Note how the dimensions are basically bust-waist-hips related. Not height. Also not ‘Thickness’. That’s because mesh doesn’t care about height or limb length or avatar thickness; it rescales to those automatically, but not to these other things.

But it is missing cleavage which is extremely important. That said, its something that in RL adjusts depending on what you wear anyway, so no one has any business complaining a clothing item fails to match their cleavage setting, unless they’ve never seen a real woman’s body. 
- Honestly no ‘breast’ setting should seen as something to get attached to. Its the nature of wearing or not wearing clothes that it ‘mashes up’ the soft tissue there. Folks just need to get used to changing the dials for that part of the body to fit their outfit, because anytime you put something on in RL, that’s exactly what happens to you.

The standard sizes ‘team’ claims to have surveyed 500 female avatars, but I see no link to a blog or to the survey for it to be checked for accuracy. While 500 is a valid sample size (anyone who has actually studied polling at a university level knows this) – the question that is more important is how were they selected… Again, never saw any forum post or group notice or blogs announcing it.
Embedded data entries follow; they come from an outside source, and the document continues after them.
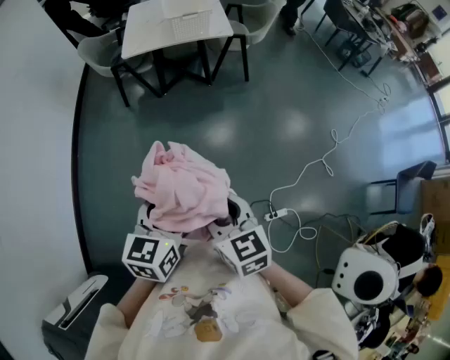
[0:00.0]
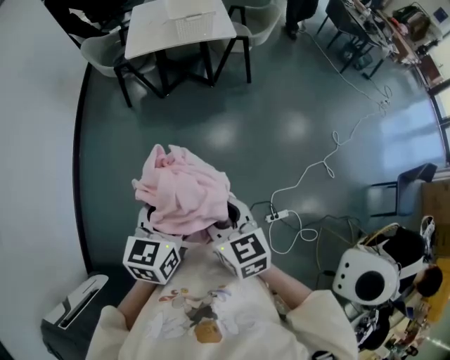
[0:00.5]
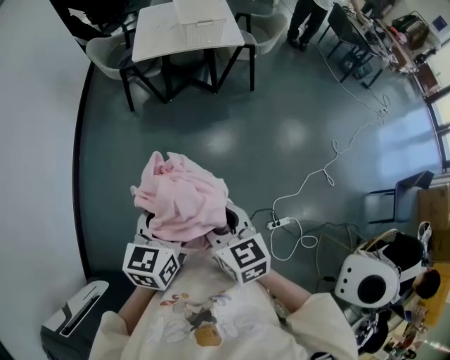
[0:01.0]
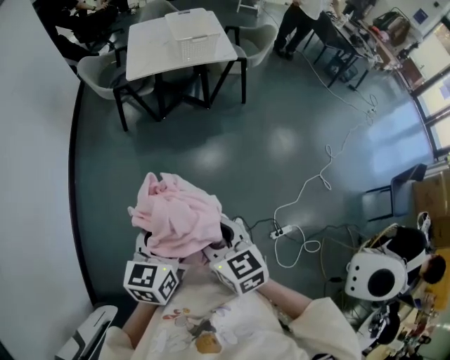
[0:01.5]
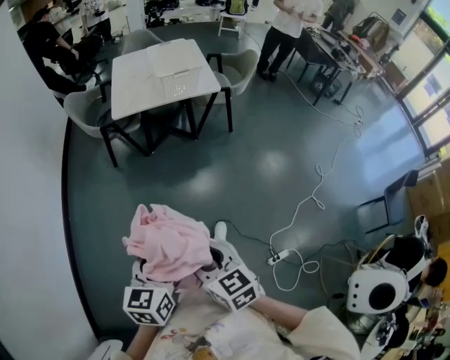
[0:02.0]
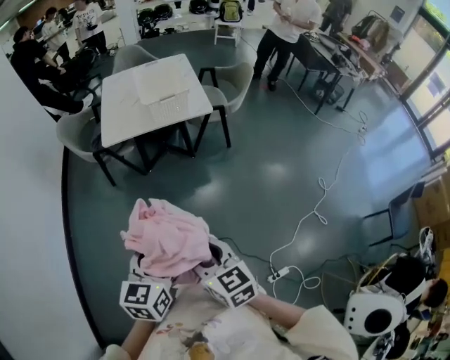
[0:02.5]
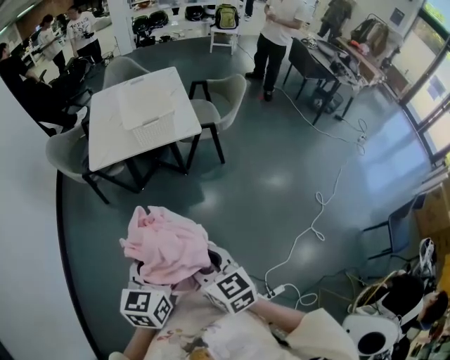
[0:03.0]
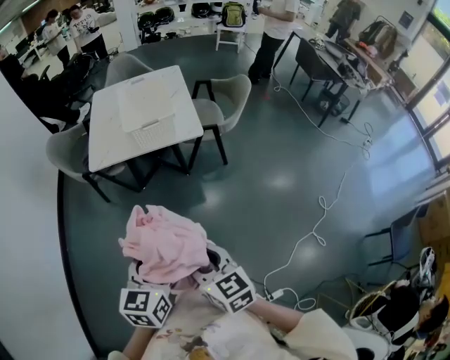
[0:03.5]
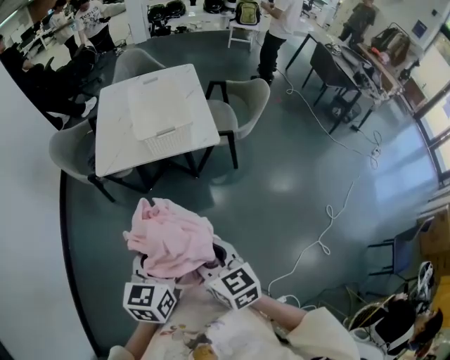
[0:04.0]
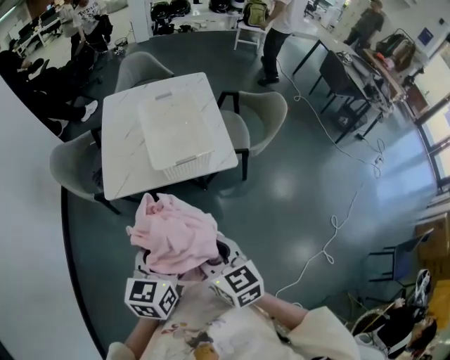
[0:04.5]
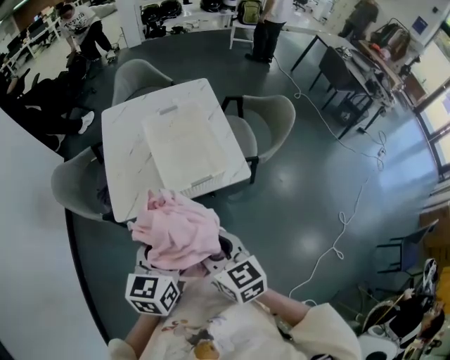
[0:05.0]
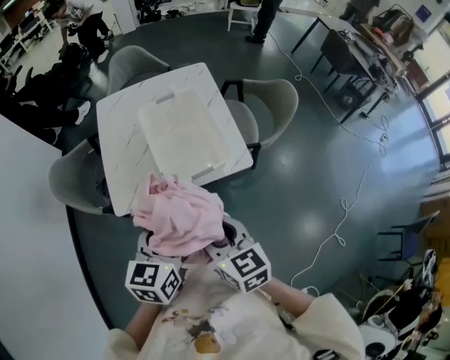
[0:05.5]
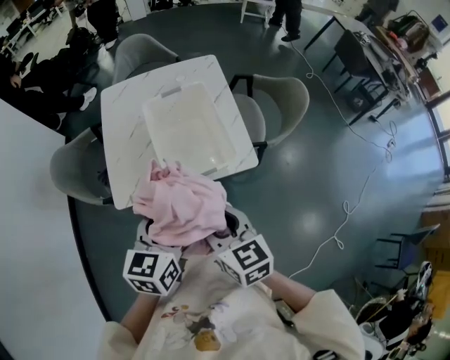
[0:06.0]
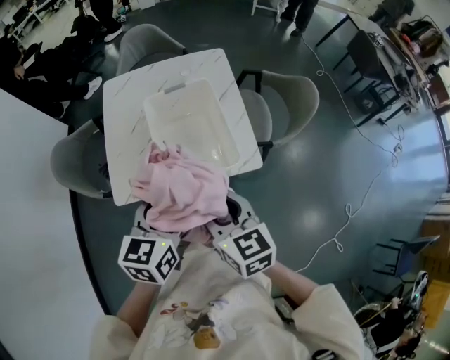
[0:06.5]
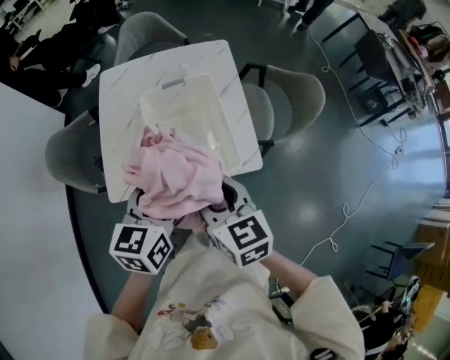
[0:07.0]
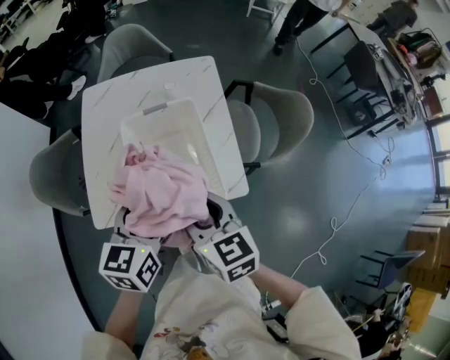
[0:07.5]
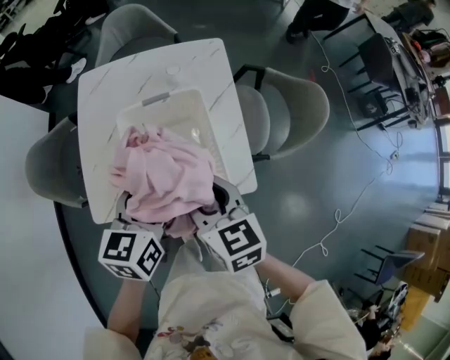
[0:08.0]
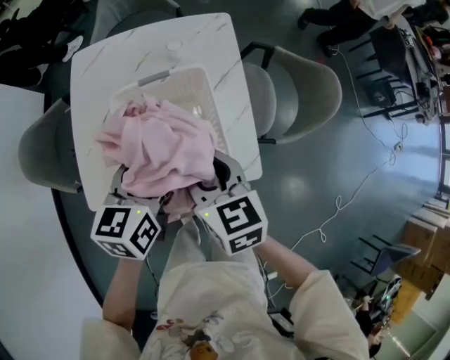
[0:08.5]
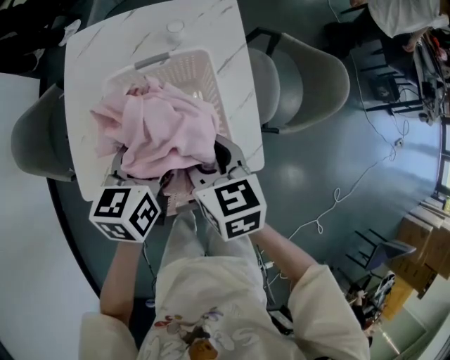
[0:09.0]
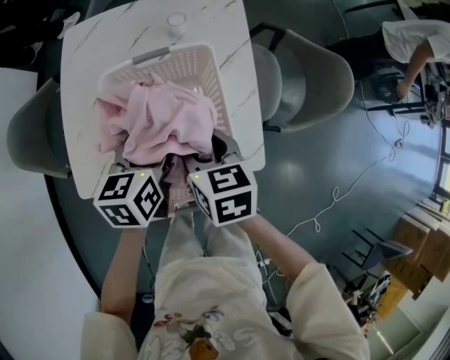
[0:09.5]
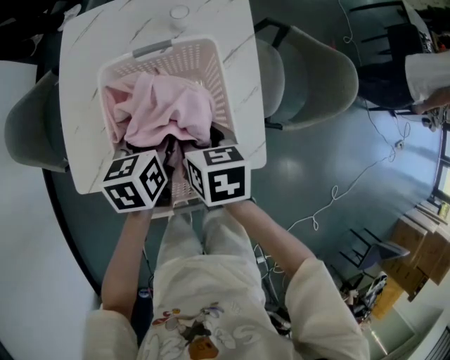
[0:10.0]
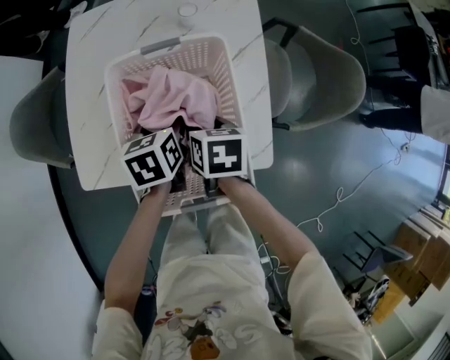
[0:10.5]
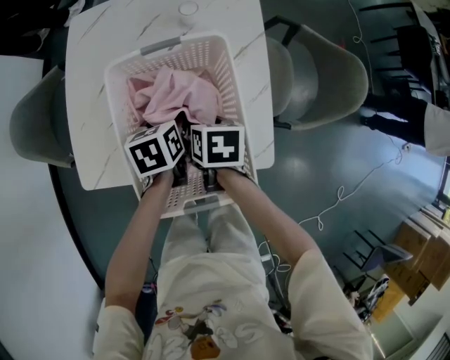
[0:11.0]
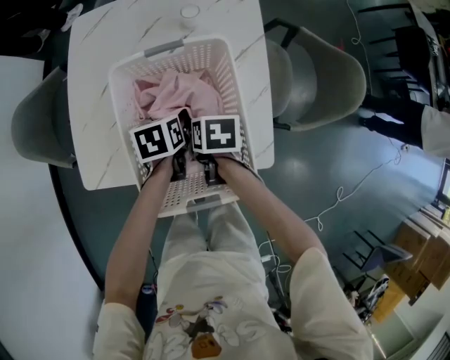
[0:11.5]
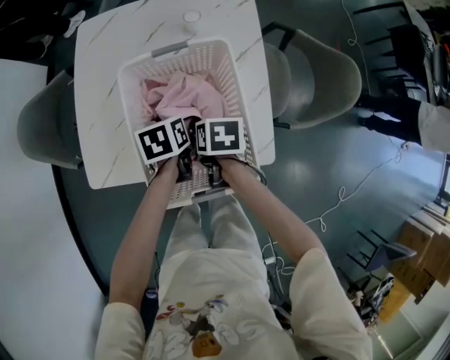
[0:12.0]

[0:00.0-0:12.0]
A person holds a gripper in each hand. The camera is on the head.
0:00.0 to 0:02.0: Both grippers move to the left and forward, approximately 15 cm.
0:02.0 to 0:04.0: Both grippers are carried forward and to the right, roughly 40 cm.
0:04.0 to 0:06.0: Both grippers move forward, approximately 35 cm.
0:06.0 to 0:08.0: The grippers both shift forward by roughly 25 cm.
0:08.0 to 0:10.0: The grippers both shift downward and forward by about 20 cm. The right gripper turns by some 20 degrees.
0:10.0 to 0:12.0: The grippers both shift downward by some 5 cm. The right gripper opens its fingers.

But maybe I just missed them. So the product should link to them.

Curiously M and S are very similar to my own dimensions for those parts.

Me:

Body Fat: 3
Torso Muscle: 37
Breast SIze: 50
Love Handles: 29
Belly Size: 0
Leg Muscles: 50
Butt Size: 45
Saddle Bags: 30
- So I’m going to test some items made with this system and see how well it works for me.

I’m also wondering now if my avatar has a bit of a ‘bubble butt’ on other people’s screens… 
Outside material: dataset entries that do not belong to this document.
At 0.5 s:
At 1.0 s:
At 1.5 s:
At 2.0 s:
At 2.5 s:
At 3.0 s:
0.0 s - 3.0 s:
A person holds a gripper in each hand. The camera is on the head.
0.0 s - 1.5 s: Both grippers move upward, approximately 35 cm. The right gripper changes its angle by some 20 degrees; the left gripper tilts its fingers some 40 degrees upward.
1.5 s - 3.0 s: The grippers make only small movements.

Almost every shape setting not listed above (again except for cleavage) DOES NOT MATTER for mesh. This means two people can be the same “size” on this system but actually have completely different ‘shapes’.
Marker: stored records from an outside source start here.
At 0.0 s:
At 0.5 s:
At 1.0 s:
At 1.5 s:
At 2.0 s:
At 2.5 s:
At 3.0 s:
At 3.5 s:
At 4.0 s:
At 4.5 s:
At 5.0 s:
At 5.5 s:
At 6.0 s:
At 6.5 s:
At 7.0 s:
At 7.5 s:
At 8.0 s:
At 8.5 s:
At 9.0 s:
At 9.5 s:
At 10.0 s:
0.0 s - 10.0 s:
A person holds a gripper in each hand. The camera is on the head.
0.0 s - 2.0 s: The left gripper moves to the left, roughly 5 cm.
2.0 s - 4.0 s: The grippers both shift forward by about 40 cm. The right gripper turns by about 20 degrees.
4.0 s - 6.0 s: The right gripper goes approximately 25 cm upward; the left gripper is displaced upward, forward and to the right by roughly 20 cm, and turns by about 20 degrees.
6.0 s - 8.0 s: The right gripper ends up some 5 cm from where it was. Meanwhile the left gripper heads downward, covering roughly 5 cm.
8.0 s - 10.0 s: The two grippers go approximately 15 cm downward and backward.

I’m also of the opinion that for standard sizes they should have used dimensions from the real life fashion industry for some top brands, and not SL. Second Life avatars are notorious for being deformed monstrosities…  Something to help people look better would be good.

Something like perhaps, a Proportion guide, if not fashions with sizes based on the variety real life fashion designers contend with.

Addendum from a comment I left on the nwn blog:
SL of a year from now will likely be something very alien to the SL of today. Mesh frees up a lot of past limits.

Right now folks are paying most of their attention to clothes and avatars, because that’s “sexy”.

Things like tears, ‘male bits’, hair, feet, tails, ears, and so on will bring dramatic changes even for ‘non-furries’.

But the big shock is going to come when things that you rez on the land get a serious looking at – since those need to consider prim cost, and the prim cost of a mesh is set by its -SIZE- when rezzed.

The smaller you make it, the less prims it uses.

And that will cycle us right back into discussions about things for avatars: since mesh items worn on avatars -AUTO- scale up or down regardless of avatar scale – the need to be the size the item was made for now no longer exists (you just need to have the bust-waist-hips it was made for).

- And that too will go away if we either adopt some standards like this project, or Qarl’s code makes it in. Hopefully Qarl’s code will make it in.

But do get ready to make your avatar smaller… because pretty soon that’s going to be coming up as a hot topic again when this discovery of how size affects prim cost becomes more widespread. I predict lots of flame wars, a few accusations of ‘techno-communist-child-avatar-agendas’ and other irrational insanity… but once people realize they can wear all their mesh clothes on any size, many will likely just go with the size that lets them have the most prims on their land – not for the reasons of scale so often advocated in past, but simply so they can more fully fill up things like the space of a linden home.